» **Material to process**:
============
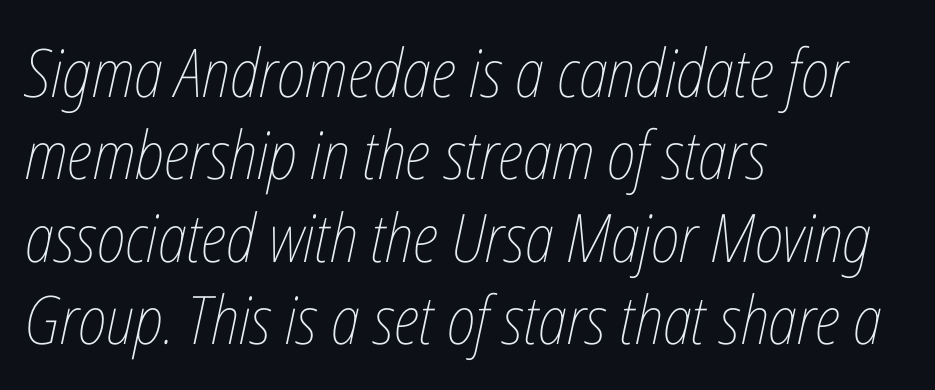
Q: Is the text bold? A: No.
Q: Is the text italic (slanted)? A: Yes, it leans right by about 12 degrees.
Q: Is the text underlined? A: No.
Q: How is the paragraph aligned? A: Left-aligned.
Q: Is the spacing between letters normal or unusually wide? A: Normal.
Q: Width (condensed, normal, or wide)? A: Condensed.
Q: Stroke contrast? A: Low.
Q: x-height? A: Medium.
Q: Monospaced? A: No.
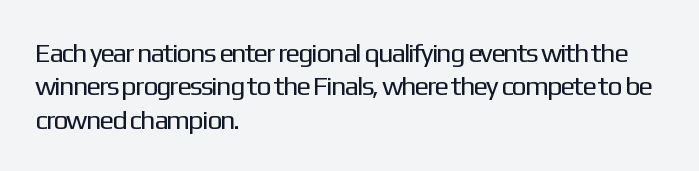
The image shows 27 px text type, upright; set left-aligned, line spacing 1.24x, normal letter spacing, not underlined.
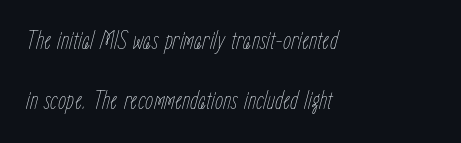
Q: Is the text bold? A: No.
Q: Is the text italic (slanted)? A: Yes, it leans right by about 15 degrees.
Q: Is the text underlined? A: No.
Q: How is the paragraph aligned? A: Left-aligned.
Q: Is the spacing between letters normal or unusually wide? A: Normal.
Q: Is the spacing between lines tight, normal or loose? A: Loose.
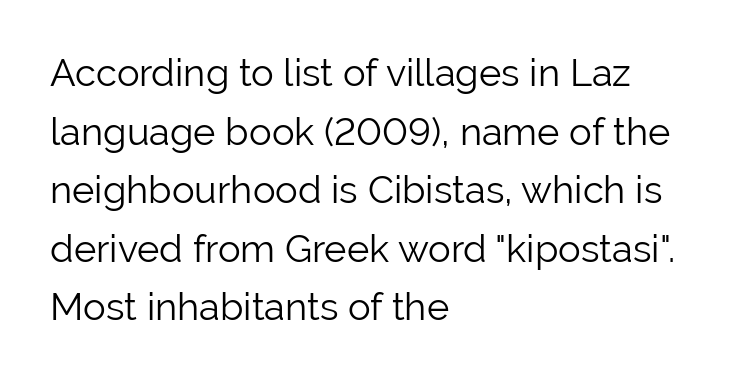
{"serif": "no", "italic": "no", "bold": "no", "weight": "light", "width": "normal", "stroke_contrast": "low", "x_height": "medium", "monospaced": "no", "underline": "no", "align": "left", "line_spacing": "normal", "line_spacing_ratio": 1.54, "letter_spacing": "normal", "letter_spacing_em": 0.0, "glyph_px": 38}
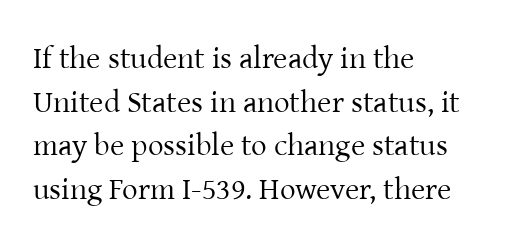
Each stroke keeps to a modest, everyday thickness or less. Is the letter spacing exaggerated? No — it looks like the ordinary default. Rule under the text: the space is simply empty. No italicization has been applied; the sample stays upright. The lines in this sample share a left origin and differ only in where they stop.
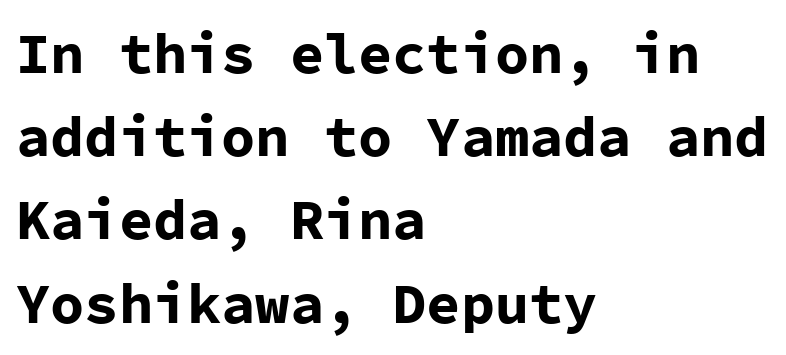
============
» **Your task**:
Repeat all of the listing above word for word, and exclude the pictures.

» **Exercise solution**:
Q: Is the text bold? A: No.
Q: Is the text italic (slanted)? A: Yes, it leans right by about 12 degrees.
Q: Is the text underlined? A: No.
Q: How is the paragraph aligned? A: Left-aligned.
Q: Is the spacing between letters normal or unusually wide? A: Normal.
Q: Width (condensed, normal, or wide)? A: Condensed.
Q: Stroke contrast? A: Low.
Q: x-height? A: Medium.
Q: Monospaced? A: No.
The image shows 27 px text type, upright; set left-aligned, line spacing 1.24x, normal letter spacing, not underlined.
Q: Is the text bold? A: No.
Q: Is the text italic (slanted)? A: Yes, it leans right by about 15 degrees.
Q: Is the text underlined? A: No.
Q: How is the paragraph aligned? A: Left-aligned.
Q: Is the spacing between letters normal or unusually wide? A: Normal.
Q: Is the spacing between lines tight, normal or loose? A: Loose.
{"serif": "no", "italic": "no", "bold": "no", "weight": "light", "width": "normal", "stroke_contrast": "low", "x_height": "medium", "monospaced": "no", "underline": "no", "align": "left", "line_spacing": "normal", "line_spacing_ratio": 1.54, "letter_spacing": "normal", "letter_spacing_em": 0.0, "glyph_px": 38}
Each stroke keeps to a modest, everyday thickness or less. Is the letter spacing exaggerated? No — it looks like the ordinary default. Rule under the text: the space is simply empty. No italicization has been applied; the sample stays upright. The lines in this sample share a left origin and differ only in where they stop.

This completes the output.